Q1 What is your view on use of the diagnostic label SLI? Does it reflect a medical model and is this appropriate.

Q2 is What are appropriate criteria for identifying children's language problems

Q3; Should IQ, ASD features, hearing loss determine whether language-impaired children can access services?

Q4 What terminology is most appropriate for children who have unexplained language problems?

Q5 ICD11 will use'Developmental Language Disorder' and DSM5 uses 'Language Disorder'. What do people think of these terms?

Q6 In research SLI still widely used but without requiring IQ discrepancy. Should we retain SLI but with this broader meaning, or is it just confusing?

Q7 In UK education, Speech, Language and Communication Needs (SLCN) is popular term. Is it used outside UK? Is it useful?

Q8 In UK clinical practice, distinction between language 'delay' & 'disorder' is used, but it has no research support.  Where does delay/disorder distinction come from? How defined?

Q9 Is there any support for a return to the more medical term 'developmental dysphasia'?

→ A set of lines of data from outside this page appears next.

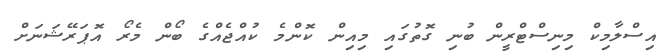
އިސްލާމިކް މިނިސްޓްރީން ބުނި ގޮތުގައި މިއިން ކޮންމެ ކުއްޖެއްގެ ބޯން މެރޯ އޮޕަރޭޝަނަށް
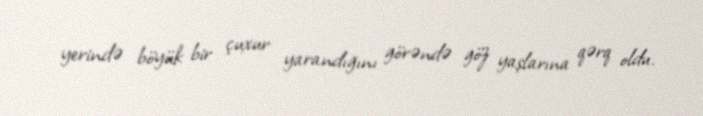
yerində böyük bir çuxur yarandığını görəndə göz yaşlarına qərq oldu.
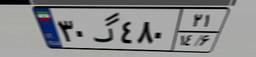
۳۰گ۴۸۰۲۱
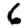
Digit: 6
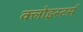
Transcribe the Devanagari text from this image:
क्लोइस्टर्स
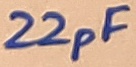
Text: 22pF
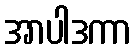
အာပါဒကာ
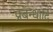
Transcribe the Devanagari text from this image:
प्रबन्धादि
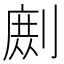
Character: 𭄉
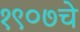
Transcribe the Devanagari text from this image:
१९०७चे
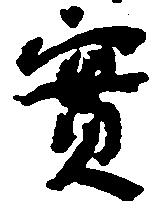
実
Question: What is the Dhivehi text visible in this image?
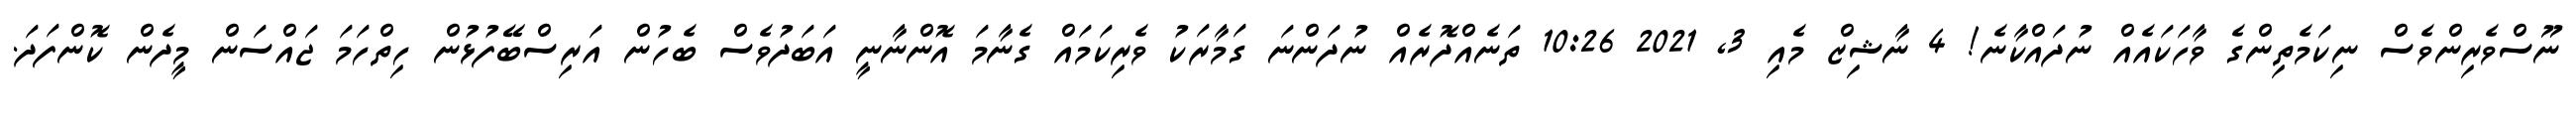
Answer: ނޫސްވެރިންވެސް ނިކަމެތިންގެ ވާހަކައެއް ނުދައްކާނެ! 4 ނާޝިޒް މެއި 3, 2021 10:26 ތަނެއްދޮރެއް ނުދަންނަ ގަމާރަކު ވެރިކަމައް ގެނާމަ އޮންނާނީ އަބަދުވެސް ބެހުން އަރިސްބޭފުޅުން ހިތްހަމަ ޖައްސަން މީދެން ކޮންފަދަ.
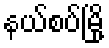
နယ်စပ်မြို့
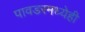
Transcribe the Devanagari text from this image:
पावडरमध्येही
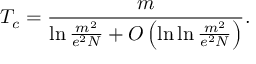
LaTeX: T _ { c } = \frac { m } { \ln \frac { m ^ { 2 } } { e ^ { 2 } N } + O \left( \ln \ln \frac { m ^ { 2 } } { e ^ { 2 } N } \right) } .
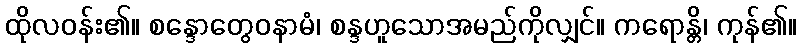
ထိုလဝန်း၏။ စန္ဒောတွေဝနာမံ၊ စန္ဒဟူသောအမည်ကိုလျှင်။ ကရောန္တိ၊ ကုန်၏။
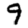
Digit: 9
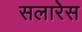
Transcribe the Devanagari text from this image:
सलारेस
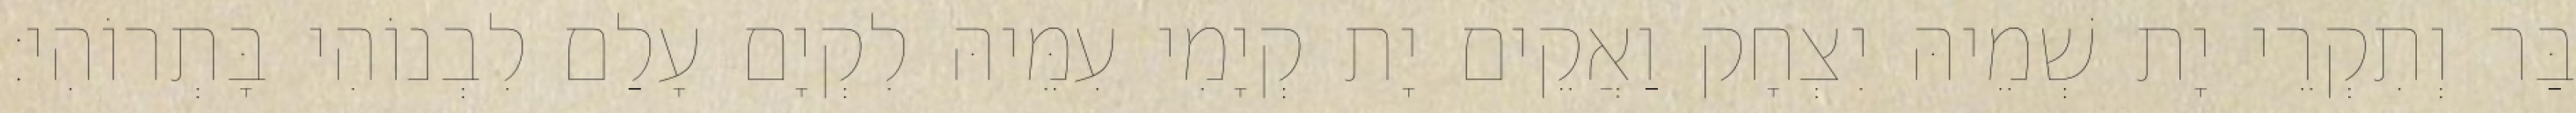
בַּר וְתִקְרֵי יָת שְׁמֵיהּ יִצְחָק וַאֲקֵים יָת קְיָמִי עִמֵּיהּ לִקְיָם עָלַם לִבְנוֹהִי בָּתְרוֹהִי׃
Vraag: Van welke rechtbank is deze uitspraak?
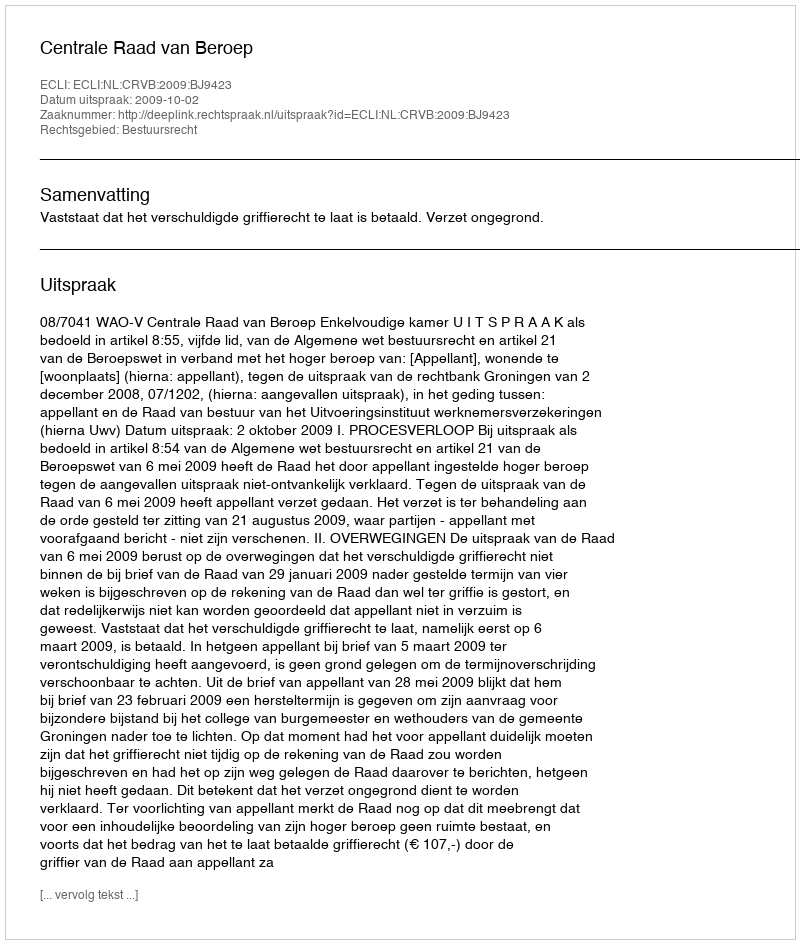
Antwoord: Centrale Raad van Beroep
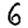
Digit: 6
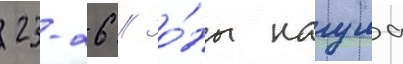
23-26 // Зо́ны нагула
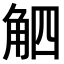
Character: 𧣛
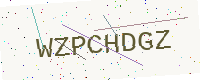
Text: WZPCHDGZ
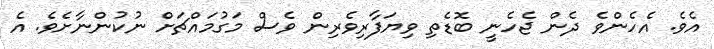
އެވެ. އެހެންވެ ދެން ޖެހެނީ ބޮޑެތި ވިޔަފާރިވެރިން ވެސް މަގުމައްޗަށް ނުކުންނާށެވެ. އެ
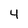
Character: 4
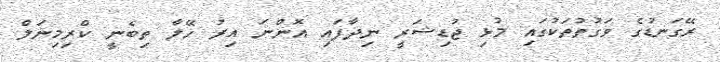
ރޭގަނޑުގެ ވަގުތުތަކުގައި މުޅި ޖުޑިޝަރީ ނިދާފައި އޮންނަ އިރު ހޭލާ ތިބެނީ ކްރިމިނަލް
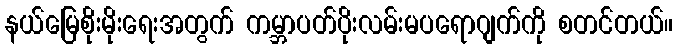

Q10. Reilly et al and several commentators suggest we drop 'Specific' and use the term 'Language Impairment' instead .What wld be advantages (e.g. avoids unfair exclusion) and disadvantages (e.g. too broad)?

Q11 What do people think of terms 'Language Learning Impairment' or 'Primary language impairment'? '

Q12 Do diagnostic labels actually help children and families?

Q13 Shld terminology/diagnostic criteria be responsibility of speechies, or shld other professions & families have a say? Assumptions/practices seem v. different in education/medicine/psychology vs speech-language therapy/pathology

Q14 In yr area, who does intervention with kids whose language problems are associated with autism?

Q15 Some  people take pride in identifying themselves as dyslexic. Does this ever happen for kids with language problems? If not, why not?

Q16 Has anyone encountered situation where child not offered intervention bcs language problems attributed to social deprivation?

Q17 Insurance considerations seldom important in UK, but affect label use elsewhere. Do US insurers just require DSM?